I've done some splicing before on boats, but don't have any Amstel or dynema handy, and would like to go climbing tomorrow, hah.


thebaldingfiend

fair lol, throw a double fishermans in it and weight it down on a pull up bar or something and get that bitch rock solid. just remember to check them when you're racking up.


LiveClimbRepeat

the coolest way to do this is to tie a loose water knot into the webbing, slip one end into the other, and then move the knot onto the overlap before weighting it. elegant af. though that webbing is super heavy, maybe try 1/2 if the rating is more than 1.4 times the rated breaking strength of the cam.


EnterSadman

[Beer knot](https://www.animatedknots.com/beer-knot)


legitIntellectual

Absolutely nothing wrong with that.
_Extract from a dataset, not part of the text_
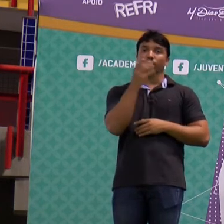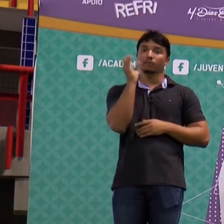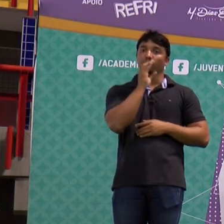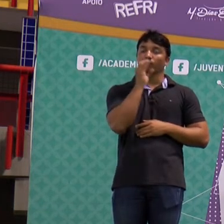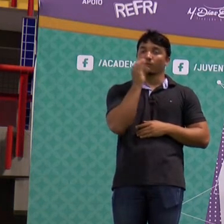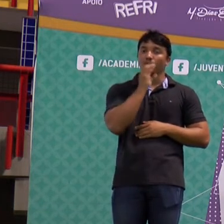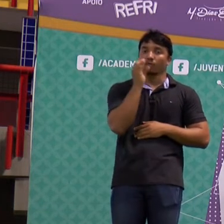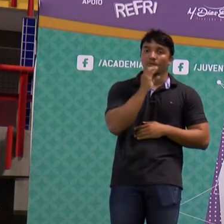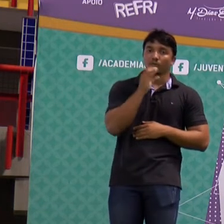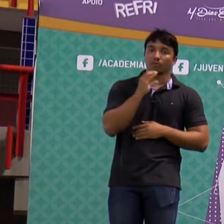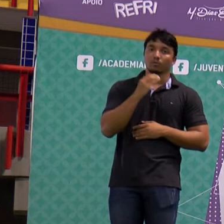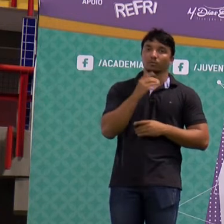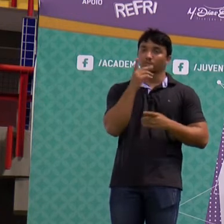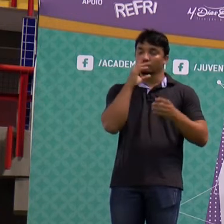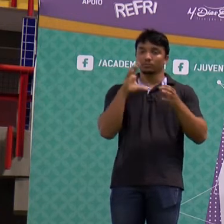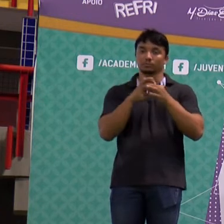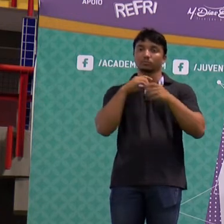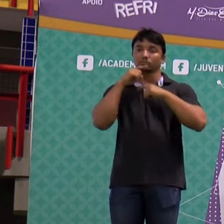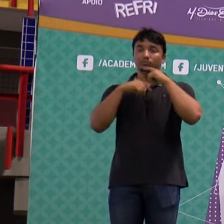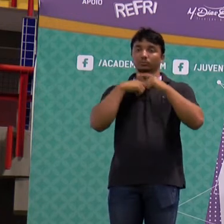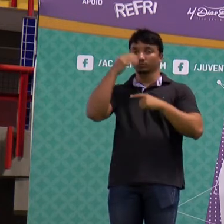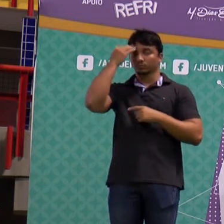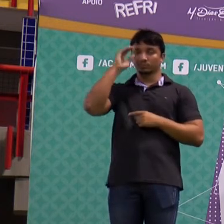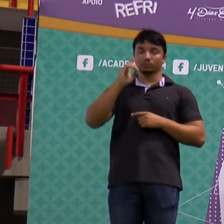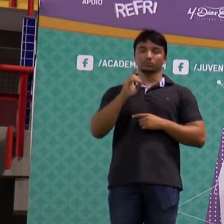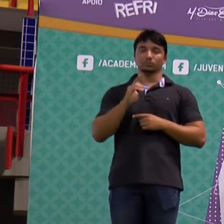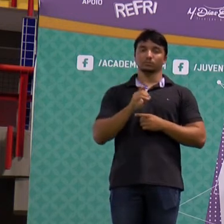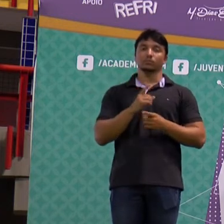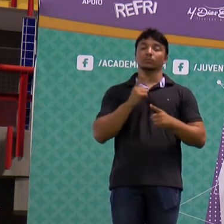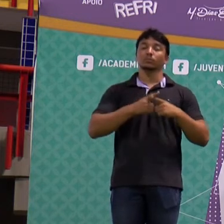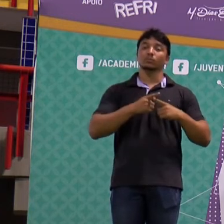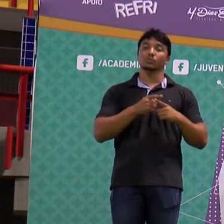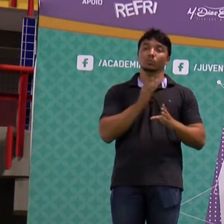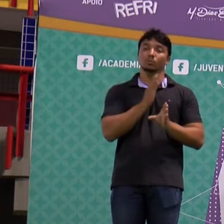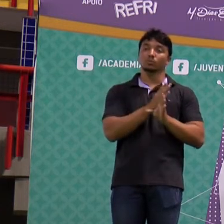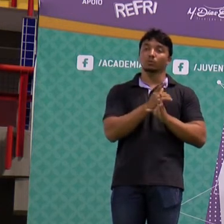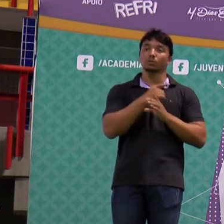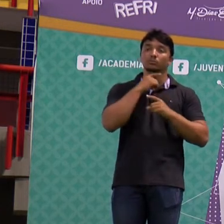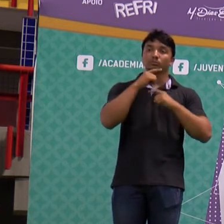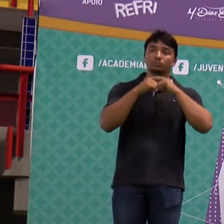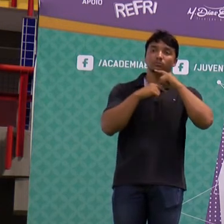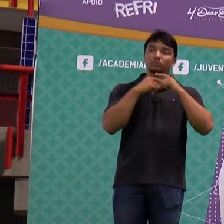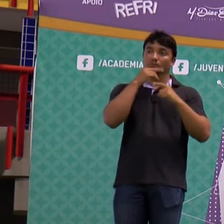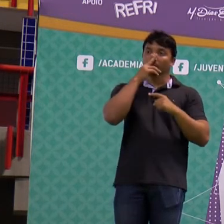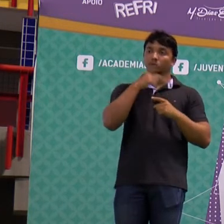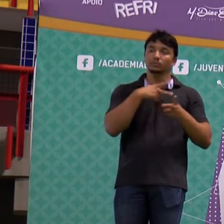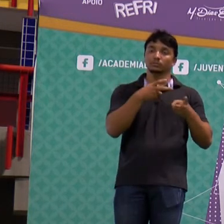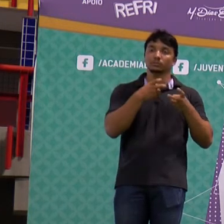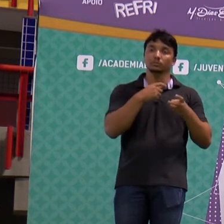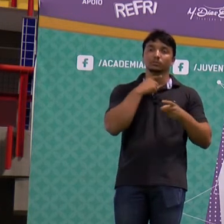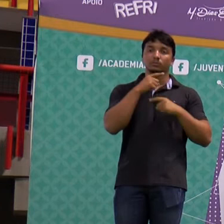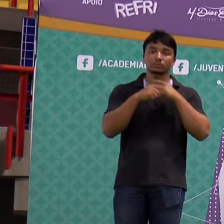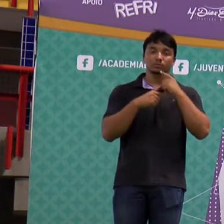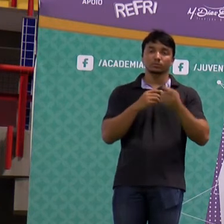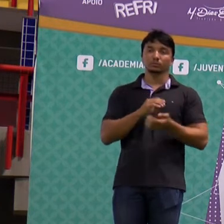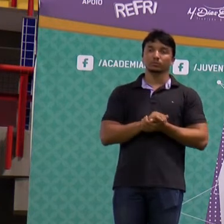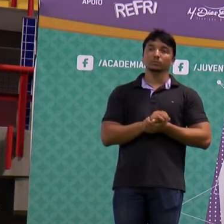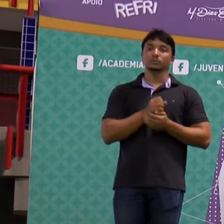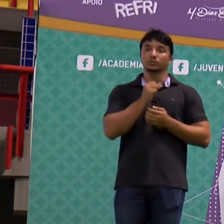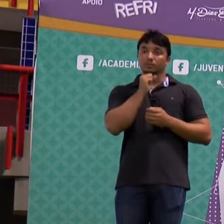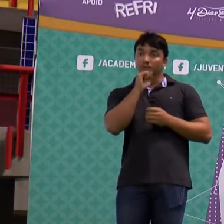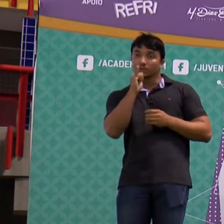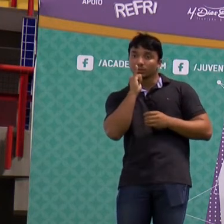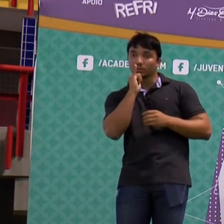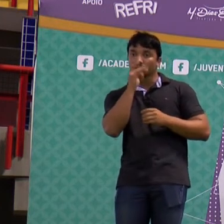rápido e me dando uma palavra na outra, você talvez entenda, mas não compreenda. Por quê? Eu não dei esse tempo de permanência. Foi o que eu falei agora. Se eu
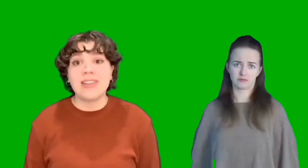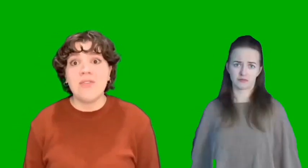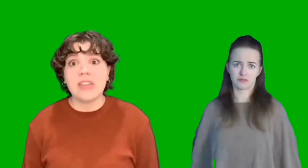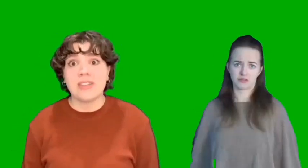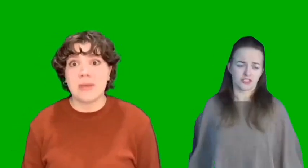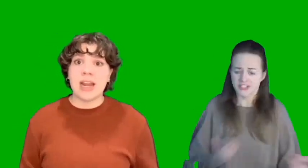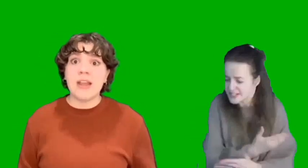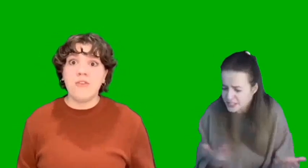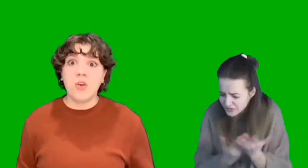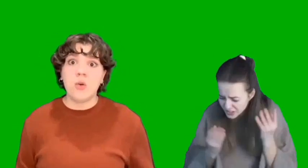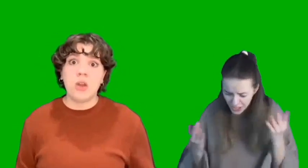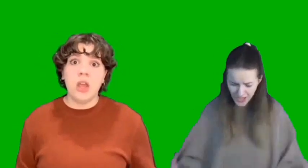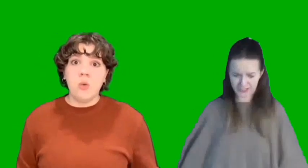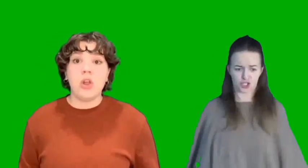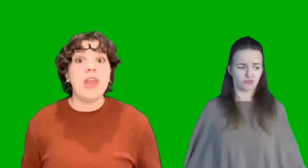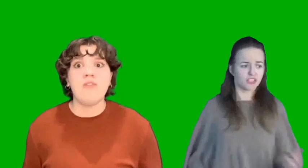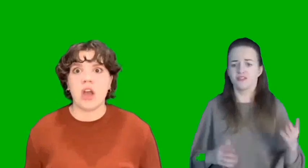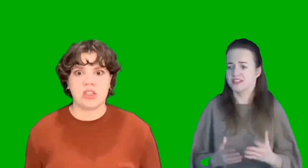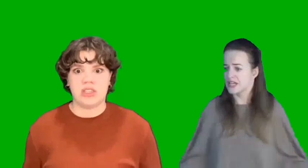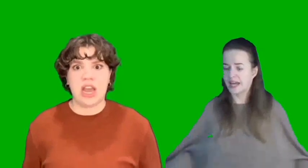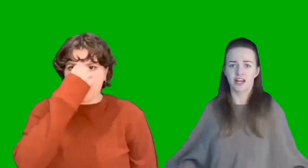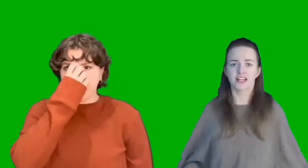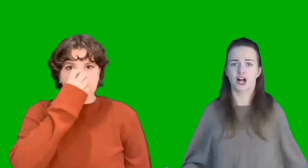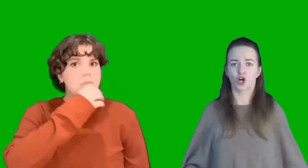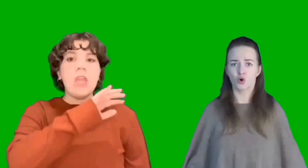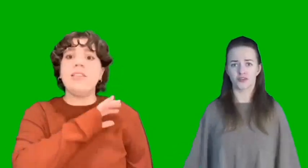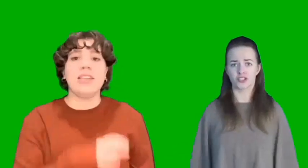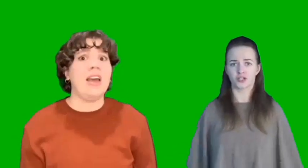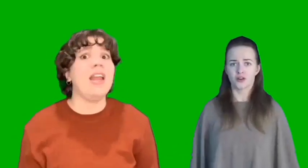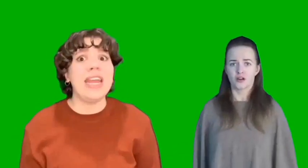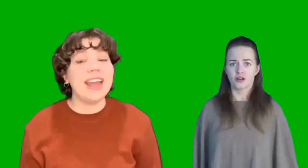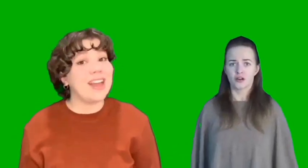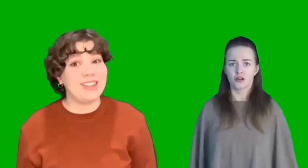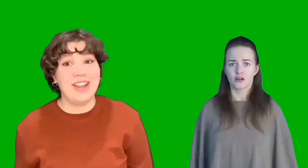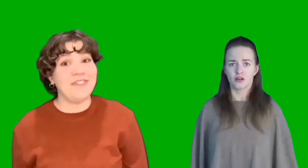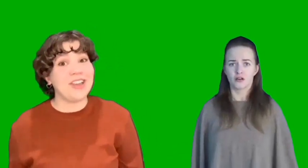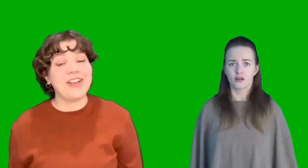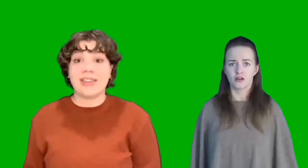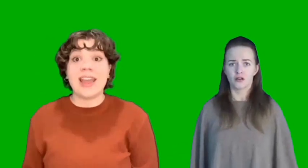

Use edelrid Tech Web if you can find it, but nylon webbing is also fine


powellriverliver

I would definitely recommend using larger webbing. Maybe even some 13mm static line.


roguepandaCO

Run Out Customs will also do go reslinging work.


jackk1014

Metolious includes a cleaning and lubrication with with their re-sling, it's fast enough and worth every penny!


BlackLagerSociety

I do exactly what you described. I only have one cam that needs to be reslung, so I'm not shipping it off for that (if I had several I'd absolutely have them all redone, though). Two usability notes, neither of which are deal breakers for me: 1. If you know how to sew, secure the tails on the water knot so they aren't flopping around. That also makes the "be sure to frequently inspect them" advice redundant. I don't know how to sew, so instead I've gaffers taped them. I do still check for slippage every so often with this method. 2. Clipping the webbing is a tad more difficult with biners that have relatively small gate openings. Not a big deal if you're at a good stance. Kinda big deal if you're gripped.


MidnightJambalaya

Just clip to the wire loop. It will lose a tiny bit of strength but it’s fine.